[What to do] Restate the records below exactly. Pictures are not part of the copy.

Records from a data collection:
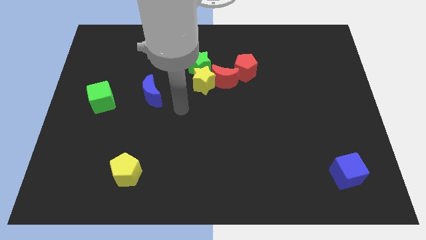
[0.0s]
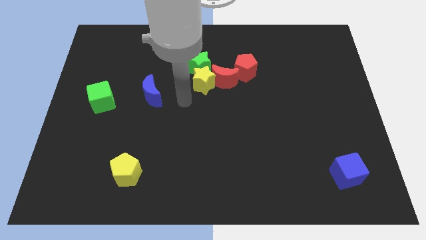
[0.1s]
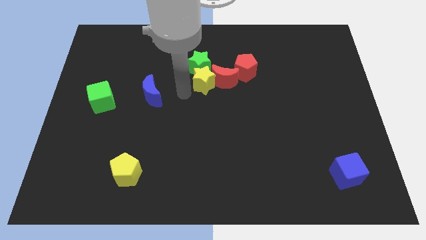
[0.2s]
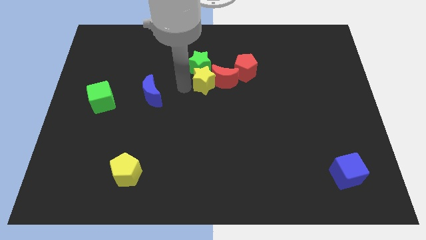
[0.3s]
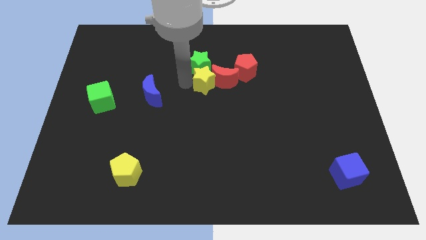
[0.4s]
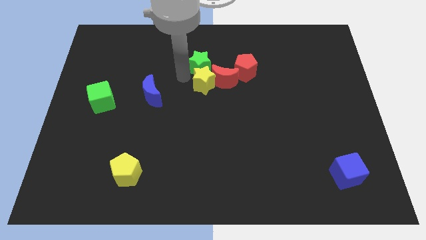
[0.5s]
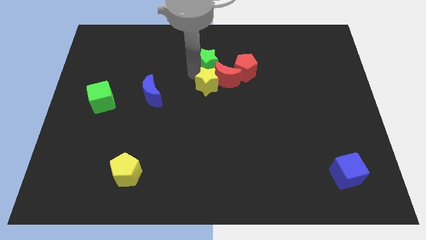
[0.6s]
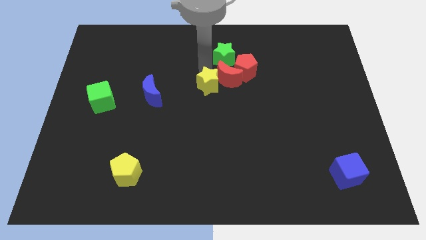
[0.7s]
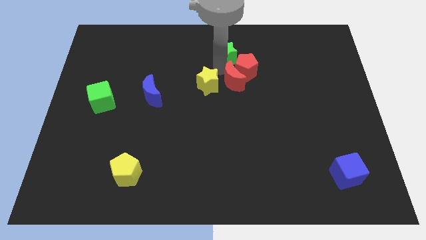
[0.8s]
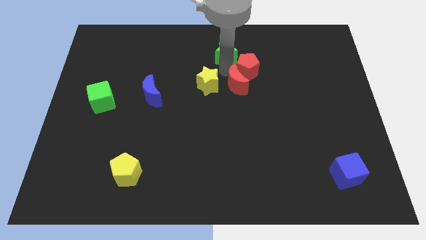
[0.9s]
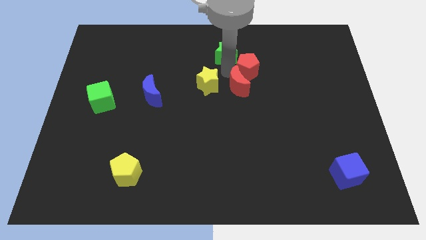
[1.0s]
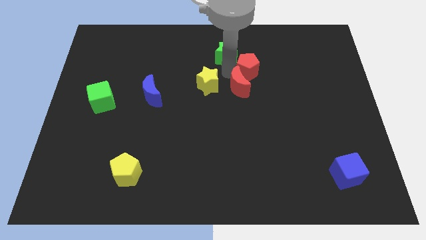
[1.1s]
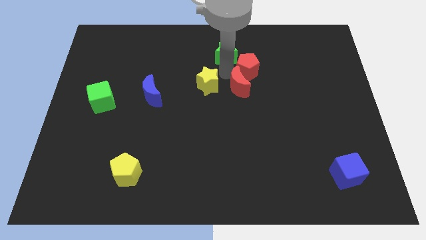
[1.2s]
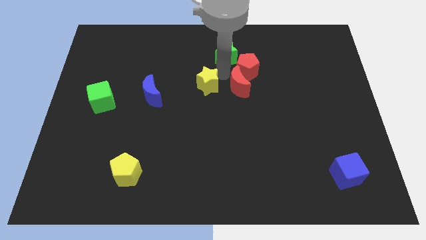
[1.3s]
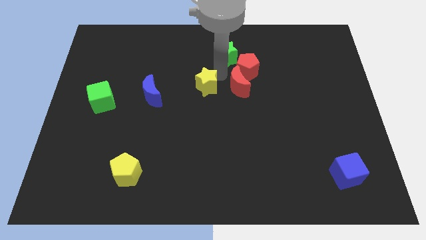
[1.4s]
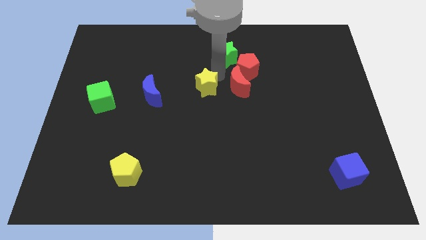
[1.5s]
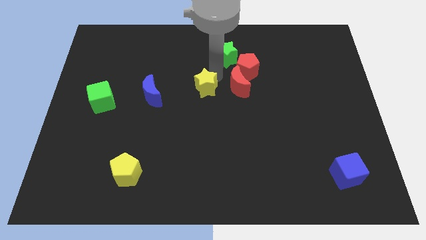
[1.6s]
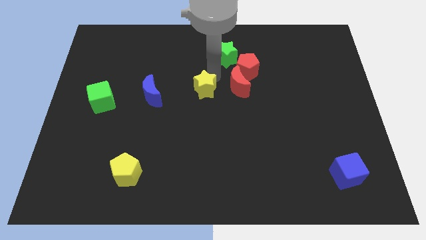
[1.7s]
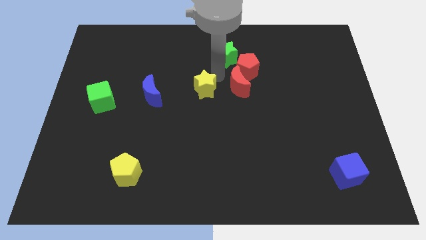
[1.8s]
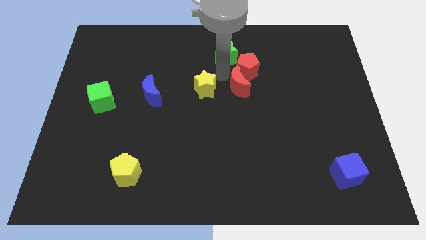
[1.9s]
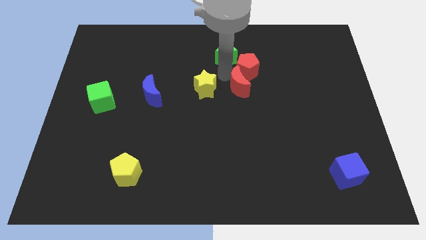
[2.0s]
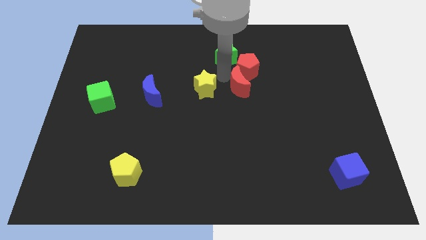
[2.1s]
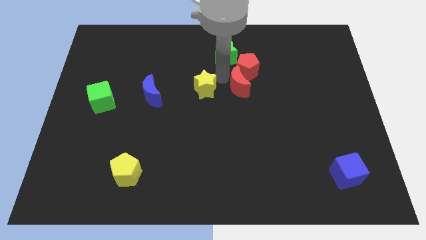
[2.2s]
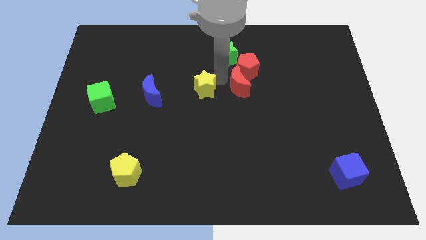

[Task response]
[0.0s]
[0.1s]
[0.2s]
[0.3s]
[0.4s]
[0.5s]
[0.6s]
[0.7s]
[0.8s]
[0.9s]
[1.0s]
[1.1s]
[1.2s]
[1.3s]
[1.4s]
[1.5s]
[1.6s]
[1.7s]
[1.8s]
[1.9s]
[2.0s]
[2.1s]
[2.2s]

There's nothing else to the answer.